An important aspect in alcohol abuse-associated immune suppression is the loss of T helper CD4(+) lymphocytes, leading to impairment of multiple immune functions. Our work has shown that ethanol can sensitize CD4(+) T lymphocytes to caspase-3-dependent activation-induced cell death (AICD). It has been demonstrated that the formation of S-adenosylmethionine (SAMe) catalyzed by methionine adenosyltransferase (MAT) II is essential for CD4(+) T-cell activation and proliferation. Since ethanol is known to affect SAMe metabolism in hepatocytes, we investigated the effect of ethanol on MAT II activity/expression, SAMe biosynthesis and cell survival in CD4(+) T lymphocytes. We demonstrate for the first time that ethanol at a physiologically relevant concentration (25 mM) substantially decreased the enzymatic activity of MAT II in T lymphocytes. Ethanol was observed to decrease the transcription of MAT2A, which encodes the catalytic subunit of MAT II and is vital for MAT II activity and SAMe biosynthesis. Furthermore, correspondent to its effect on MAT II, ethanol decreased intracellular SAMe levels and enhanced caspase-3-dependent AICD. Importantly, restoration of intracellular SAMe levels by exogenous SAMe supplementation considerably decreased both caspase-3 activity and apoptotic death in T lymphocytes. In conclusion, our data show that MAT II and SAMe are critical molecular components essential for CD4(+) T-cell survival that are affected by ethanol, leading to enhanced AICD. Furthermore, these studies provide a clinical paradigm for the development of much needed therapy using SAMe supplementation in the treatment of immune dysfunction induced by alcohol abuse.

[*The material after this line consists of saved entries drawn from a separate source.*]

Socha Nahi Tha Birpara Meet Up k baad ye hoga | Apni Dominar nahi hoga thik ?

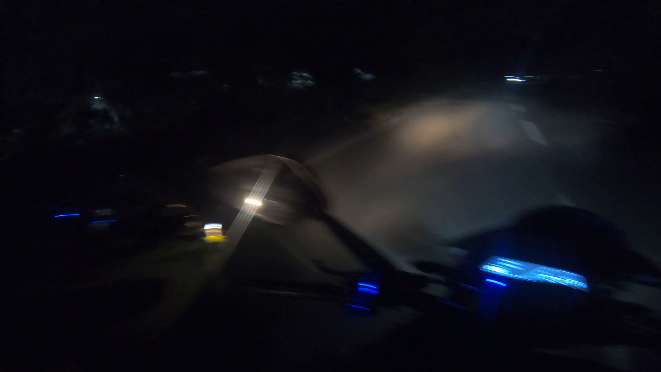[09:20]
इसको रेस करना है मेरे साथ, इसलिए मतलब वो स्लो कर रहा है, मैं आगे जा रहा हूँ, फिर आगे ओवरटेक कर रहा है,
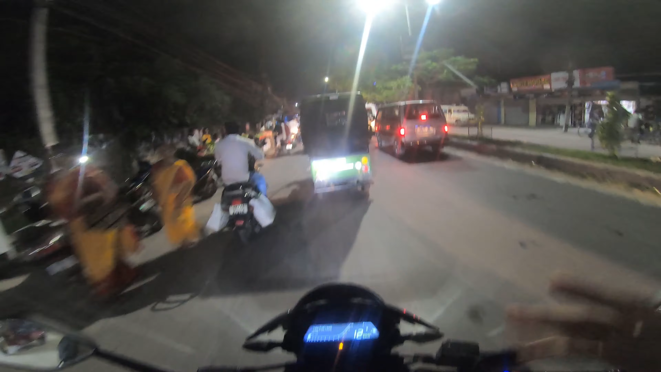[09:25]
फिर स्लो कर रहा है, और इसलिए मैं चल रहा हूँ 40-50-60 का स्पीड में।
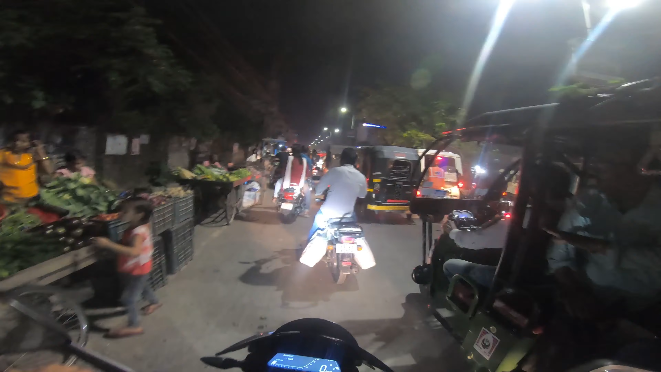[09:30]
क्या कर रहा है भाई। सो गाइस, हम पहुँच चुके हैं अपना घर मतलब अपना टाउन सिलीगुड़ी। एंड सिलीगुड़ी घुसते ही यहाँ पर लगा है ट्रैफिक जाम, पता नहीं क्या चीज़ का।
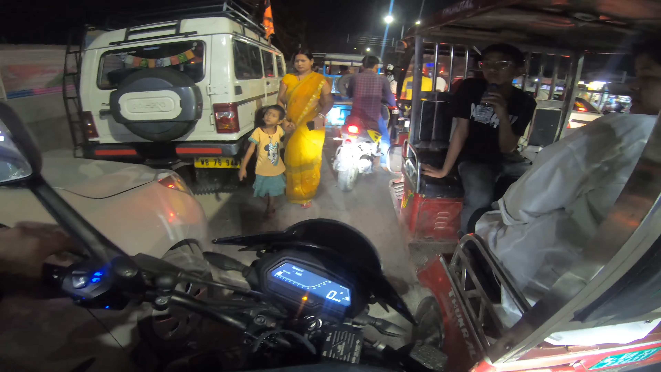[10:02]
ऑटो भैया और टोटो भैया लोगों के वैसे ना मतलब चलना बड़ा चाप हो चुका है,
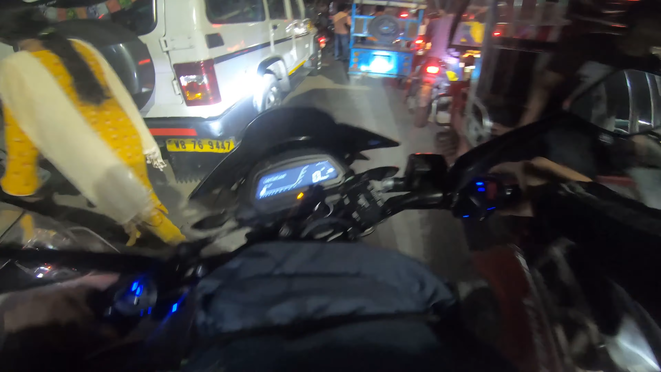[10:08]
और हमारा बाइक का रेडिएटर का पंखा जो घूम रहा है,
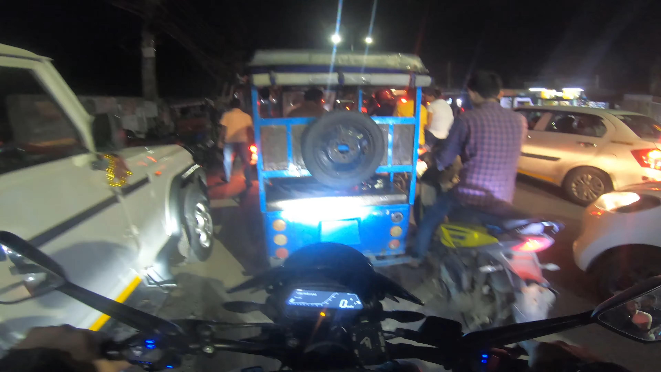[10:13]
मतलब बाइक हो चुका है ओवर हीट, क्योंकि अभी 100 किलोमीटर जो चल के आया है बाइक, इसको चाहिए अभी शांति। ऐसे ट्रैफिक होगा तो कैसे चलेगा भैया।
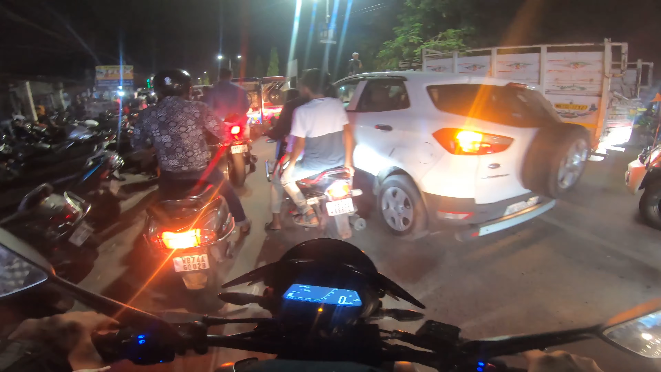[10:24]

Acrolein enhances epigenetic modifications, FasL expression and hepatocyte toxicity induced by anti-HIV drug Zidovudine.

Zidovudine (AZT) remains the mainstay of antiretroviral therapy against HIV in resource-poor countries; however, its use is frequently associated with hepatotoxicity. Not all HIV patients on AZT develop hepatotoxicity, and the determining factors are unclear. Alcohol consumption and cigarette smoking are known risk factors for HIV hepatotoxicity, and both are significant sources of acrolein, a highly reactive and toxic aldehyde. This study examines the potential hepatotoxic interactions between acrolein and AZT. Our data demonstrate that acrolein markedly enhanced AZT-induced transcriptionally permissive histone modifications (H3K9Ac and H3K9Me3) allowing the recruitment of transcription factor NF-kB and RNA polymerase II at the FasL gene promoter, resulting in FasL upregulation and apoptosis in hepatocytes. Notably, the acrolein scavenger, hydralazine prevented these promoter-associated epigenetic changes and inhibited FasL upregulation and apoptosis induced by the combination of AZT and acrolein, as well as AZT alone. Our data strongly suggest that acrolein enhancement of promoter histone modifications and FasL upregulation are major pathogenic mechanisms driving AZT-induced hepatotoxicity. Moreover, these data also indicate the therapeutic potential of hydralazine in mitigating AZT hepatotoxicity.